# Extract from JSON and XML

You'll now get practice extracting data from JSON and XML. You'll extract the same population data from the previous exercise, except the data will be in a different format.

Both JSON and XML are common formats for storing data. XML was established before JSON, and JSON has become more popular over time. They both tend to be used for sending data via web APIs,

Sometimes, you can obtain the same data in either JSON or XML format. The World Bank indicator data is available in either form. In this exercise, you'll use the same data except one file is formatted as JSON and the other as XML.

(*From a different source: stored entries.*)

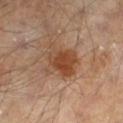<tbp_lesion>
<biopsy_status>not biopsied; imaged during a skin examination</biopsy_status>
<patient>
  <sex>male</sex>
  <age_approx>65</age_approx>
</patient>
<image>
  <source>total-body photography crop</source>
  <field_of_view_mm>15</field_of_view_mm>
</image>
<site>left lower leg</site>
</tbp_lesion>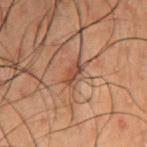Recorded during total-body skin imaging; not selected for excision or biopsy. Automated image analysis of the tile measured a lesion area of about 3 mm² and two-axis asymmetry of about 0.3. It also reported a mean CIELAB color near L≈34 a*≈19 b*≈24, a lesion–skin lightness drop of about 8, and a normalized border contrast of about 7.5. The analysis additionally found an automated nevus-likeness rating near 0 out of 100 and lesion-presence confidence of about 90/100. A region of skin cropped from a whole-body photographic capture, roughly 15 mm wide. From the front of the torso. The patient is a male about 50 years old.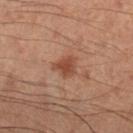Assessment: The lesion was tiled from a total-body skin photograph and was not biopsied. Image and clinical context: Measured at roughly 3 mm in maximum diameter. The tile uses cross-polarized illumination. The lesion is located on the right lower leg. A male subject aged around 50. A close-up tile cropped from a whole-body skin photograph, about 15 mm across.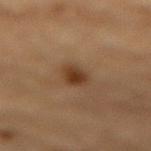The lesion was photographed on a routine skin check and not biopsied; there is no pathology result. The lesion's longest dimension is about 3.5 mm. The patient is a male in their mid- to late 80s or older. This image is a 15 mm lesion crop taken from a total-body photograph. An algorithmic analysis of the crop reported an outline eccentricity of about 0.75 (0 = round, 1 = elongated). And it measured roughly 9 lightness units darker than nearby skin and a lesion-to-skin contrast of about 8.5 (normalized; higher = more distinct). It also reported border irregularity of about 2.5 on a 0–10 scale, internal color variation of about 3 on a 0–10 scale, and radial color variation of about 1. The software also gave a classifier nevus-likeness of about 100/100 and a lesion-detection confidence of about 100/100. From the lower back. This is a cross-polarized tile.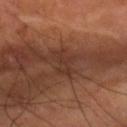Context:
Cropped from a total-body skin-imaging series; the visible field is about 15 mm. The lesion's longest dimension is about 3.5 mm. A male subject, in their mid-50s. Captured under cross-polarized illumination. The lesion-visualizer software estimated a footprint of about 5.5 mm² and an eccentricity of roughly 0.85. The analysis additionally found a border-irregularity index near 4.5/10 and a within-lesion color-variation index near 1/10. The lesion is located on the right forearm.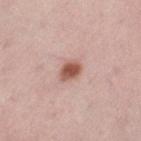On the left thigh. This is a white-light tile. A female subject, in their mid-40s. Cropped from a whole-body photographic skin survey; the tile spans about 15 mm.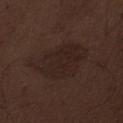imaging modality = ~15 mm crop, total-body skin-cancer survey
subject = male, roughly 70 years of age
body site = the abdomen
lesion diameter = ≈7.5 mm
automated lesion analysis = a lesion area of about 22 mm² and two-axis asymmetry of about 0.25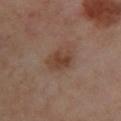Q: Was a biopsy performed?
A: catalogued during a skin exam; not biopsied
Q: What is the lesion's diameter?
A: ≈3.5 mm
Q: Patient demographics?
A: female, roughly 55 years of age
Q: Illumination type?
A: cross-polarized illumination
Q: Automated lesion metrics?
A: an outline eccentricity of about 0.7 (0 = round, 1 = elongated) and a shape-asymmetry score of about 0.2 (0 = symmetric); an average lesion color of about L≈42 a*≈18 b*≈27 (CIELAB) and a normalized lesion–skin contrast near 7.5; a border-irregularity rating of about 2.5/10 and a peripheral color-asymmetry measure near 1
Q: How was this image acquired?
A: ~15 mm crop, total-body skin-cancer survey
Q: Where on the body is the lesion?
A: the left lower leg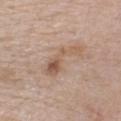Clinical impression: The lesion was tiled from a total-body skin photograph and was not biopsied. Context: A roughly 15 mm field-of-view crop from a total-body skin photograph. The recorded lesion diameter is about 6 mm. Located on the chest. A female patient, roughly 45 years of age. This is a white-light tile. An algorithmic analysis of the crop reported an automated nevus-likeness rating near 5 out of 100.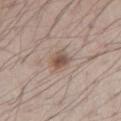The lesion was photographed on a routine skin check and not biopsied; there is no pathology result. The lesion's longest dimension is about 2.5 mm. The subject is a male aged 68–72. The lesion is located on the right upper arm. A roughly 15 mm field-of-view crop from a total-body skin photograph.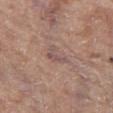The lesion was tiled from a total-body skin photograph and was not biopsied. The subject is a female roughly 75 years of age. About 3 mm across. From the right thigh. Cropped from a whole-body photographic skin survey; the tile spans about 15 mm.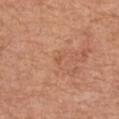Part of a total-body skin-imaging series; this lesion was reviewed on a skin check and was not flagged for biopsy.
The lesion is on the left forearm.
A roughly 15 mm field-of-view crop from a total-body skin photograph.
An algorithmic analysis of the crop reported a lesion area of about 1 mm², an eccentricity of roughly 0.6, and a shape-asymmetry score of about 0.45 (0 = symmetric). The software also gave peripheral color asymmetry of about 0.
Captured under white-light illumination.
Measured at roughly 1 mm in maximum diameter.
A female patient aged 48–52.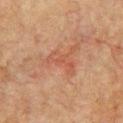• follow-up: imaged on a skin check; not biopsied
• acquisition: total-body-photography crop, ~15 mm field of view
• subject: male, roughly 75 years of age
• lesion size: ≈4 mm
• automated lesion analysis: a lesion area of about 6 mm² and an outline eccentricity of about 0.9 (0 = round, 1 = elongated); border irregularity of about 6 on a 0–10 scale and internal color variation of about 2.5 on a 0–10 scale
• site: the left upper arm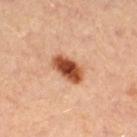The lesion was tiled from a total-body skin photograph and was not biopsied.
Imaged with cross-polarized lighting.
Approximately 4 mm at its widest.
The total-body-photography lesion software estimated an area of roughly 8.5 mm², a shape eccentricity near 0.85, and a symmetry-axis asymmetry near 0.15. The analysis additionally found an average lesion color of about L≈49 a*≈27 b*≈36 (CIELAB) and roughly 19 lightness units darker than nearby skin. The software also gave a border-irregularity index near 1.5/10, a within-lesion color-variation index near 5.5/10, and peripheral color asymmetry of about 1.5.
A female patient, approximately 45 years of age.
Cropped from a whole-body photographic skin survey; the tile spans about 15 mm.
From the leg.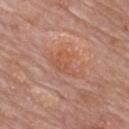biopsy status: total-body-photography surveillance lesion; no biopsy | body site: the chest | automated metrics: a footprint of about 8 mm² and a symmetry-axis asymmetry near 0.55; a border-irregularity index near 6/10, internal color variation of about 3 on a 0–10 scale, and peripheral color asymmetry of about 1; an automated nevus-likeness rating near 5 out of 100 | image source: 15 mm crop, total-body photography | lesion diameter: ~4.5 mm (longest diameter) | patient: male, about 60 years old.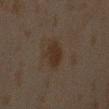| key | value |
|---|---|
| notes | imaged on a skin check; not biopsied |
| location | the arm |
| patient | male, aged approximately 45 |
| acquisition | ~15 mm crop, total-body skin-cancer survey |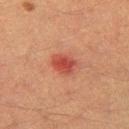Notes:
* notes: catalogued during a skin exam; not biopsied
* anatomic site: the left thigh
* diameter: about 3 mm
* tile lighting: cross-polarized
* patient: male, approximately 40 years of age
* acquisition: total-body-photography crop, ~15 mm field of view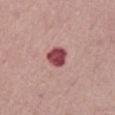{
  "biopsy_status": "not biopsied; imaged during a skin examination",
  "image": {
    "source": "total-body photography crop",
    "field_of_view_mm": 15
  },
  "patient": {
    "sex": "male",
    "age_approx": 75
  },
  "site": "abdomen",
  "lesion_size": {
    "long_diameter_mm_approx": 2.5
  }
}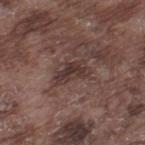biopsy_status: not biopsied; imaged during a skin examination
lesion_size:
  long_diameter_mm_approx: 4.0
patient:
  sex: male
  age_approx: 75
site: left thigh
image:
  source: total-body photography crop
  field_of_view_mm: 15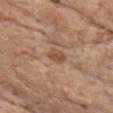Captured during whole-body skin photography for melanoma surveillance; the lesion was not biopsied.
The lesion is on the front of the torso.
This image is a 15 mm lesion crop taken from a total-body photograph.
The subject is a male aged around 85 or older.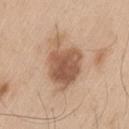Captured during whole-body skin photography for melanoma surveillance; the lesion was not biopsied. Imaged with white-light lighting. A 15 mm close-up extracted from a 3D total-body photography capture. Located on the left thigh. A male subject, aged around 60. Longest diameter approximately 6.5 mm.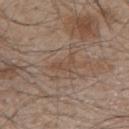Q: Is there a histopathology result?
A: no biopsy performed (imaged during a skin exam)
Q: Illumination type?
A: white-light
Q: What is the imaging modality?
A: total-body-photography crop, ~15 mm field of view
Q: What are the patient's age and sex?
A: male, aged 43 to 47
Q: How large is the lesion?
A: about 3 mm
Q: Where on the body is the lesion?
A: the mid back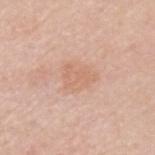Clinical impression:
The lesion was tiled from a total-body skin photograph and was not biopsied.
Acquisition and patient details:
The lesion is located on the upper back. The recorded lesion diameter is about 3.5 mm. A male subject, about 60 years old. An algorithmic analysis of the crop reported an average lesion color of about L≈66 a*≈20 b*≈31 (CIELAB), about 6 CIELAB-L* units darker than the surrounding skin, and a normalized lesion–skin contrast near 4.5. And it measured a border-irregularity rating of about 3/10 and internal color variation of about 1.5 on a 0–10 scale. A 15 mm crop from a total-body photograph taken for skin-cancer surveillance. This is a white-light tile.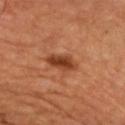Findings:
– notes: total-body-photography surveillance lesion; no biopsy
– body site: the upper back
– patient: male, aged 63 to 67
– image source: total-body-photography crop, ~15 mm field of view
– illumination: cross-polarized
– diameter: ≈4 mm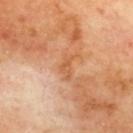Part of a total-body skin-imaging series; this lesion was reviewed on a skin check and was not flagged for biopsy. A male subject aged around 70. A roughly 15 mm field-of-view crop from a total-body skin photograph. The lesion-visualizer software estimated an average lesion color of about L≈57 a*≈25 b*≈39 (CIELAB) and roughly 7 lightness units darker than nearby skin. The analysis additionally found an automated nevus-likeness rating near 0 out of 100 and a lesion-detection confidence of about 100/100. The recorded lesion diameter is about 3 mm. Located on the back. The tile uses cross-polarized illumination.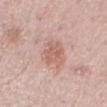Case summary:
• follow-up — no biopsy performed (imaged during a skin exam)
• location — the abdomen
• patient — male, aged approximately 70
• imaging modality — ~15 mm tile from a whole-body skin photo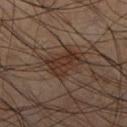Impression:
The lesion was tiled from a total-body skin photograph and was not biopsied.
Clinical summary:
The lesion is located on the leg. A male subject, about 60 years old. A lesion tile, about 15 mm wide, cut from a 3D total-body photograph. This is a cross-polarized tile. About 4.5 mm across.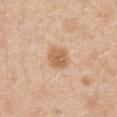Q: Was a biopsy performed?
A: imaged on a skin check; not biopsied
Q: How large is the lesion?
A: ~2.5 mm (longest diameter)
Q: What is the imaging modality?
A: total-body-photography crop, ~15 mm field of view
Q: Where on the body is the lesion?
A: the chest
Q: Who is the patient?
A: female, aged around 40
Q: Illumination type?
A: white-light illumination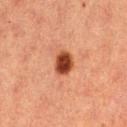Part of a total-body skin-imaging series; this lesion was reviewed on a skin check and was not flagged for biopsy. Automated tile analysis of the lesion measured a lesion area of about 6.5 mm², an outline eccentricity of about 0.55 (0 = round, 1 = elongated), and two-axis asymmetry of about 0.2. The analysis additionally found a mean CIELAB color near L≈39 a*≈26 b*≈32, a lesion–skin lightness drop of about 16, and a lesion-to-skin contrast of about 12.5 (normalized; higher = more distinct). And it measured border irregularity of about 1.5 on a 0–10 scale, a color-variation rating of about 3.5/10, and a peripheral color-asymmetry measure near 1. The software also gave a classifier nevus-likeness of about 100/100 and lesion-presence confidence of about 100/100. Imaged with cross-polarized lighting. The patient is a female aged 38 to 42. A close-up tile cropped from a whole-body skin photograph, about 15 mm across. Located on the right thigh.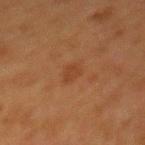Recorded during total-body skin imaging; not selected for excision or biopsy. From the mid back. An algorithmic analysis of the crop reported border irregularity of about 2.5 on a 0–10 scale. The software also gave an automated nevus-likeness rating near 10 out of 100. A 15 mm close-up extracted from a 3D total-body photography capture. The subject is a female aged approximately 50.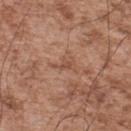No biopsy was performed on this lesion — it was imaged during a full skin examination and was not determined to be concerning. An algorithmic analysis of the crop reported an area of roughly 2.5 mm², a shape eccentricity near 0.85, and a symmetry-axis asymmetry near 0.4. The analysis additionally found an average lesion color of about L≈50 a*≈21 b*≈30 (CIELAB), roughly 7 lightness units darker than nearby skin, and a normalized lesion–skin contrast near 5.5. The software also gave a nevus-likeness score of about 0/100 and lesion-presence confidence of about 90/100. On the upper back. Imaged with white-light lighting. A male patient, aged 53–57. A 15 mm crop from a total-body photograph taken for skin-cancer surveillance.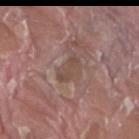Recorded during total-body skin imaging; not selected for excision or biopsy. Automated tile analysis of the lesion measured an average lesion color of about L≈47 a*≈17 b*≈22 (CIELAB). It also reported border irregularity of about 4.5 on a 0–10 scale and internal color variation of about 0.5 on a 0–10 scale. The lesion is located on the leg. Imaged with white-light lighting. A 15 mm crop from a total-body photograph taken for skin-cancer surveillance. About 3.5 mm across. A male subject, about 40 years old.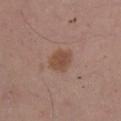• body site: the right lower leg
• acquisition: ~15 mm tile from a whole-body skin photo
• illumination: white-light
• size: ~3 mm (longest diameter)
• subject: male, aged 53–57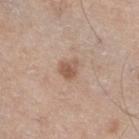workup: no biopsy performed (imaged during a skin exam)
image source: 15 mm crop, total-body photography
lighting: white-light
subject: male, aged approximately 60
site: the right thigh
lesion diameter: ≈2.5 mm
image-analysis metrics: a mean CIELAB color near L≈56 a*≈19 b*≈29 and a normalized lesion–skin contrast near 7; border irregularity of about 3 on a 0–10 scale, internal color variation of about 2.5 on a 0–10 scale, and peripheral color asymmetry of about 1; an automated nevus-likeness rating near 35 out of 100 and lesion-presence confidence of about 100/100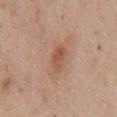Impression:
Part of a total-body skin-imaging series; this lesion was reviewed on a skin check and was not flagged for biopsy.
Context:
Automated image analysis of the tile measured a shape eccentricity near 0.8 and a shape-asymmetry score of about 0.15 (0 = symmetric). It also reported a lesion color around L≈54 a*≈21 b*≈31 in CIELAB and a lesion-to-skin contrast of about 6 (normalized; higher = more distinct). It also reported lesion-presence confidence of about 100/100. A lesion tile, about 15 mm wide, cut from a 3D total-body photograph. Imaged with white-light lighting. Measured at roughly 3 mm in maximum diameter. From the mid back. A male patient, roughly 55 years of age.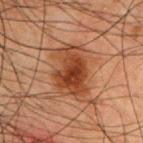Impression:
This lesion was catalogued during total-body skin photography and was not selected for biopsy.
Acquisition and patient details:
A male subject, aged 48 to 52. Longest diameter approximately 5.5 mm. Imaged with cross-polarized lighting. The lesion is located on the chest. A lesion tile, about 15 mm wide, cut from a 3D total-body photograph.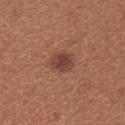This lesion was catalogued during total-body skin photography and was not selected for biopsy.
Located on the left upper arm.
A region of skin cropped from a whole-body photographic capture, roughly 15 mm wide.
Captured under white-light illumination.
A female patient, about 30 years old.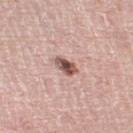Impression: The lesion was photographed on a routine skin check and not biopsied; there is no pathology result. Clinical summary: Approximately 3 mm at its widest. The patient is a male about 75 years old. The lesion is on the leg. A lesion tile, about 15 mm wide, cut from a 3D total-body photograph. Captured under white-light illumination. The lesion-visualizer software estimated an area of roughly 4 mm², a shape eccentricity near 0.85, and two-axis asymmetry of about 0.2. It also reported a border-irregularity index near 2/10, internal color variation of about 5 on a 0–10 scale, and peripheral color asymmetry of about 1. The software also gave a lesion-detection confidence of about 100/100.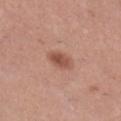automated metrics: a border-irregularity rating of about 1.5/10 and a peripheral color-asymmetry measure near 1.5 | illumination: white-light illumination | patient: female, in their 30s | acquisition: total-body-photography crop, ~15 mm field of view | body site: the right lower leg.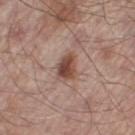- notes: no biopsy performed (imaged during a skin exam)
- illumination: white-light
- subject: male, in their mid- to late 50s
- image source: 15 mm crop, total-body photography
- body site: the leg
- TBP lesion metrics: a lesion–skin lightness drop of about 12 and a lesion-to-skin contrast of about 9 (normalized; higher = more distinct); lesion-presence confidence of about 100/100
- lesion diameter: about 3.5 mm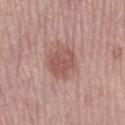Clinical impression: Captured during whole-body skin photography for melanoma surveillance; the lesion was not biopsied. Background: On the left lower leg. Cropped from a whole-body photographic skin survey; the tile spans about 15 mm. A female patient about 65 years old.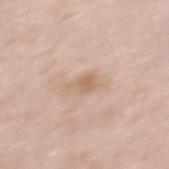Recorded during total-body skin imaging; not selected for excision or biopsy. A 15 mm close-up extracted from a 3D total-body photography capture. On the upper back. A female subject in their mid- to late 60s. Captured under white-light illumination.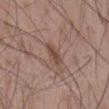{"biopsy_status": "not biopsied; imaged during a skin examination", "image": {"source": "total-body photography crop", "field_of_view_mm": 15}, "patient": {"sex": "male", "age_approx": 55}, "site": "mid back"}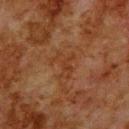Imaged during a routine full-body skin examination; the lesion was not biopsied and no histopathology is available. A male subject, in their 80s. On the upper back. This image is a 15 mm lesion crop taken from a total-body photograph.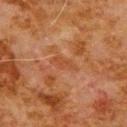notes = no biopsy performed (imaged during a skin exam).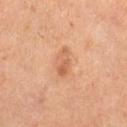Imaged during a routine full-body skin examination; the lesion was not biopsied and no histopathology is available. The lesion is on the left thigh. A female patient, aged approximately 55. The tile uses cross-polarized illumination. A region of skin cropped from a whole-body photographic capture, roughly 15 mm wide. Automated image analysis of the tile measured a border-irregularity rating of about 2/10 and internal color variation of about 5 on a 0–10 scale. And it measured a lesion-detection confidence of about 100/100.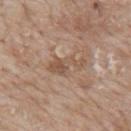Case summary:
– workup: total-body-photography surveillance lesion; no biopsy
– tile lighting: white-light
– anatomic site: the mid back
– patient: male, in their mid-60s
– imaging modality: ~15 mm tile from a whole-body skin photo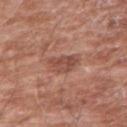Assessment: Captured during whole-body skin photography for melanoma surveillance; the lesion was not biopsied. Image and clinical context: A male patient, aged 58 to 62. The recorded lesion diameter is about 3.5 mm. A close-up tile cropped from a whole-body skin photograph, about 15 mm across. On the right upper arm. Captured under white-light illumination.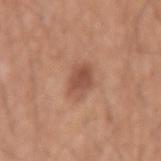subject = male, aged approximately 55
imaging modality = 15 mm crop, total-body photography
illumination = white-light
automated lesion analysis = an area of roughly 7 mm², a shape eccentricity near 0.65, and a symmetry-axis asymmetry near 0.25; a lesion color around L≈51 a*≈23 b*≈30 in CIELAB, about 10 CIELAB-L* units darker than the surrounding skin, and a normalized border contrast of about 7.5; a border-irregularity index near 2.5/10 and a color-variation rating of about 3.5/10; a classifier nevus-likeness of about 55/100
site = the left upper arm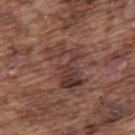Background: A male subject about 75 years old. From the upper back. Cropped from a whole-body photographic skin survey; the tile spans about 15 mm.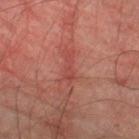Assessment:
The lesion was tiled from a total-body skin photograph and was not biopsied.
Context:
Approximately 3 mm at its widest. Imaged with cross-polarized lighting. A male subject, aged 73–77. From the right thigh. A lesion tile, about 15 mm wide, cut from a 3D total-body photograph.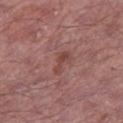Case summary:
• biopsy status · total-body-photography surveillance lesion; no biopsy
• tile lighting · white-light
• anatomic site · the right thigh
• image-analysis metrics · an average lesion color of about L≈44 a*≈23 b*≈23 (CIELAB), about 8 CIELAB-L* units darker than the surrounding skin, and a lesion-to-skin contrast of about 6.5 (normalized; higher = more distinct); internal color variation of about 0 on a 0–10 scale and radial color variation of about 0
• image source · ~15 mm tile from a whole-body skin photo
• patient · male, aged around 65
• diameter · about 3 mm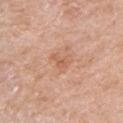Assessment: Imaged during a routine full-body skin examination; the lesion was not biopsied and no histopathology is available. Clinical summary: The tile uses white-light illumination. The lesion is located on the right upper arm. A close-up tile cropped from a whole-body skin photograph, about 15 mm across. About 2.5 mm across. The patient is a female in their mid- to late 50s.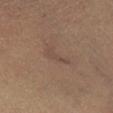No biopsy was performed on this lesion — it was imaged during a full skin examination and was not determined to be concerning.
Located on the right lower leg.
A 15 mm close-up extracted from a 3D total-body photography capture.
About 3.5 mm across.
Automated tile analysis of the lesion measured a lesion area of about 4 mm², a shape eccentricity near 0.9, and a shape-asymmetry score of about 0.5 (0 = symmetric). The software also gave border irregularity of about 6 on a 0–10 scale, internal color variation of about 0.5 on a 0–10 scale, and peripheral color asymmetry of about 0. The analysis additionally found a classifier nevus-likeness of about 0/100 and a lesion-detection confidence of about 75/100.
Imaged with cross-polarized lighting.
The subject is a female aged 28–32.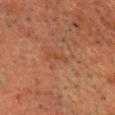Impression: This lesion was catalogued during total-body skin photography and was not selected for biopsy. Background: From the head or neck. A 15 mm close-up tile from a total-body photography series done for melanoma screening. The subject is a male aged 58–62.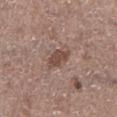Acquisition and patient details: From the left lower leg. A close-up tile cropped from a whole-body skin photograph, about 15 mm across. A male subject, in their mid- to late 60s. Imaged with white-light lighting.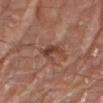<tbp_lesion>
  <biopsy_status>not biopsied; imaged during a skin examination</biopsy_status>
  <image>
    <source>total-body photography crop</source>
    <field_of_view_mm>15</field_of_view_mm>
  </image>
  <site>right forearm</site>
  <automated_metrics>
    <lesion_detection_confidence_0_100>100</lesion_detection_confidence_0_100>
  </automated_metrics>
  <patient>
    <sex>male</sex>
    <age_approx>80</age_approx>
  </patient>
  <lesion_size>
    <long_diameter_mm_approx>3.0</long_diameter_mm_approx>
  </lesion_size>
  <lighting>white-light</lighting>
</tbp_lesion>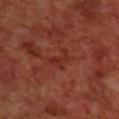This lesion was catalogued during total-body skin photography and was not selected for biopsy. Located on the upper back. Imaged with cross-polarized lighting. The lesion's longest dimension is about 3 mm. A male subject, aged around 70. Cropped from a total-body skin-imaging series; the visible field is about 15 mm. The lesion-visualizer software estimated an eccentricity of roughly 0.85 and a symmetry-axis asymmetry near 0.65.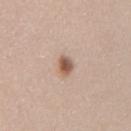Captured during whole-body skin photography for melanoma surveillance; the lesion was not biopsied. The tile uses white-light illumination. The lesion is on the right upper arm. A lesion tile, about 15 mm wide, cut from a 3D total-body photograph. About 2.5 mm across. A female subject, roughly 25 years of age.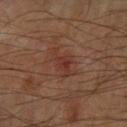Recorded during total-body skin imaging; not selected for excision or biopsy. Longest diameter approximately 4 mm. Located on the right forearm. A region of skin cropped from a whole-body photographic capture, roughly 15 mm wide. The subject is a male aged around 65.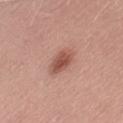  biopsy_status: not biopsied; imaged during a skin examination
  image:
    source: total-body photography crop
    field_of_view_mm: 15
  site: right thigh
  patient:
    sex: female
    age_approx: 55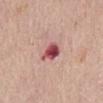<record>
  <biopsy_status>not biopsied; imaged during a skin examination</biopsy_status>
  <image>
    <source>total-body photography crop</source>
    <field_of_view_mm>15</field_of_view_mm>
  </image>
  <lesion_size>
    <long_diameter_mm_approx>3.0</long_diameter_mm_approx>
  </lesion_size>
  <patient>
    <sex>female</sex>
    <age_approx>65</age_approx>
  </patient>
  <site>abdomen</site>
  <automated_metrics>
    <cielab_L>50</cielab_L>
    <cielab_a>32</cielab_a>
    <cielab_b>21</cielab_b>
    <vs_skin_contrast_norm>12.0</vs_skin_contrast_norm>
    <border_irregularity_0_10>2.5</border_irregularity_0_10>
    <color_variation_0_10>6.0</color_variation_0_10>
    <peripheral_color_asymmetry>2.0</peripheral_color_asymmetry>
    <lesion_detection_confidence_0_100>100</lesion_detection_confidence_0_100>
  </automated_metrics>
</record>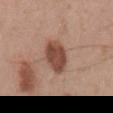| field | value |
|---|---|
| notes | total-body-photography surveillance lesion; no biopsy |
| patient | male, aged approximately 50 |
| image source | 15 mm crop, total-body photography |
| lesion diameter | about 4.5 mm |
| lighting | white-light illumination |
| site | the mid back |
| automated lesion analysis | a footprint of about 10 mm² and two-axis asymmetry of about 0.2 |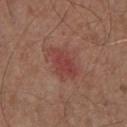Q: Was this lesion biopsied?
A: catalogued during a skin exam; not biopsied
Q: What is the lesion's diameter?
A: ≈4.5 mm
Q: What kind of image is this?
A: ~15 mm crop, total-body skin-cancer survey
Q: What did automated image analysis measure?
A: a symmetry-axis asymmetry near 0.3; a lesion color around L≈43 a*≈26 b*≈24 in CIELAB, roughly 7 lightness units darker than nearby skin, and a normalized border contrast of about 6; border irregularity of about 3.5 on a 0–10 scale, a color-variation rating of about 2.5/10, and peripheral color asymmetry of about 1
Q: What is the anatomic site?
A: the chest
Q: What are the patient's age and sex?
A: male, about 55 years old
Q: What lighting was used for the tile?
A: white-light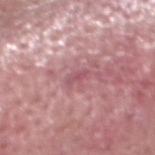<lesion>
<biopsy_status>not biopsied; imaged during a skin examination</biopsy_status>
<patient>
  <sex>male</sex>
  <age_approx>50</age_approx>
</patient>
<automated_metrics>
  <area_mm2_approx>2.5</area_mm2_approx>
  <eccentricity>0.9</eccentricity>
  <shape_asymmetry>0.4</shape_asymmetry>
  <lesion_detection_confidence_0_100>55</lesion_detection_confidence_0_100>
</automated_metrics>
<lighting>white-light</lighting>
<site>head or neck</site>
<image>
  <source>total-body photography crop</source>
  <field_of_view_mm>15</field_of_view_mm>
</image>
<lesion_size>
  <long_diameter_mm_approx>2.5</long_diameter_mm_approx>
</lesion_size>
</lesion>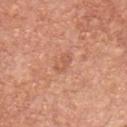{"biopsy_status": "not biopsied; imaged during a skin examination", "image": {"source": "total-body photography crop", "field_of_view_mm": 15}, "site": "chest", "lesion_size": {"long_diameter_mm_approx": 2.5}, "lighting": "white-light", "patient": {"sex": "male", "age_approx": 65}}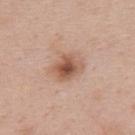workup: total-body-photography surveillance lesion; no biopsy | subject: female, roughly 35 years of age | location: the upper back | TBP lesion metrics: an area of roughly 7.5 mm², a shape eccentricity near 0.6, and a shape-asymmetry score of about 0.2 (0 = symmetric); a nevus-likeness score of about 85/100 and lesion-presence confidence of about 100/100 | acquisition: ~15 mm crop, total-body skin-cancer survey | tile lighting: white-light.

# Extract JSON and JSON Exercise

First, you'll practice extracting data from a JSON file. Run the cell below to print out the first line of the JSON file.

In [1]:
### 
#   Run the following cell.
#   This cell loads a function that prints the first n lines of
#   a file.
#
#   Then this function is called on the JSON file to print out
#   the first line of the population_data.json file
###
def print_lines(n, file_name):
    f = open(file_name)
    for i in range(n):
        print('line %i, %s'%(i,f.readline()))
        print('-----------------------------')
    f.close

print_lines(1, './data/population_data.json')

FileNotFoundError: [Errno 2] No such file or directory: './data/population_data.json'

The first "line" in the file is actually the entire file. JSON is a compact way of representing data in a dictionary-like format. Luckily, pandas has a method to [read in a json file](https://pandas.pydata.org/pandas-docs/stable/generated/pandas.read_json.html) and parse the results for you. 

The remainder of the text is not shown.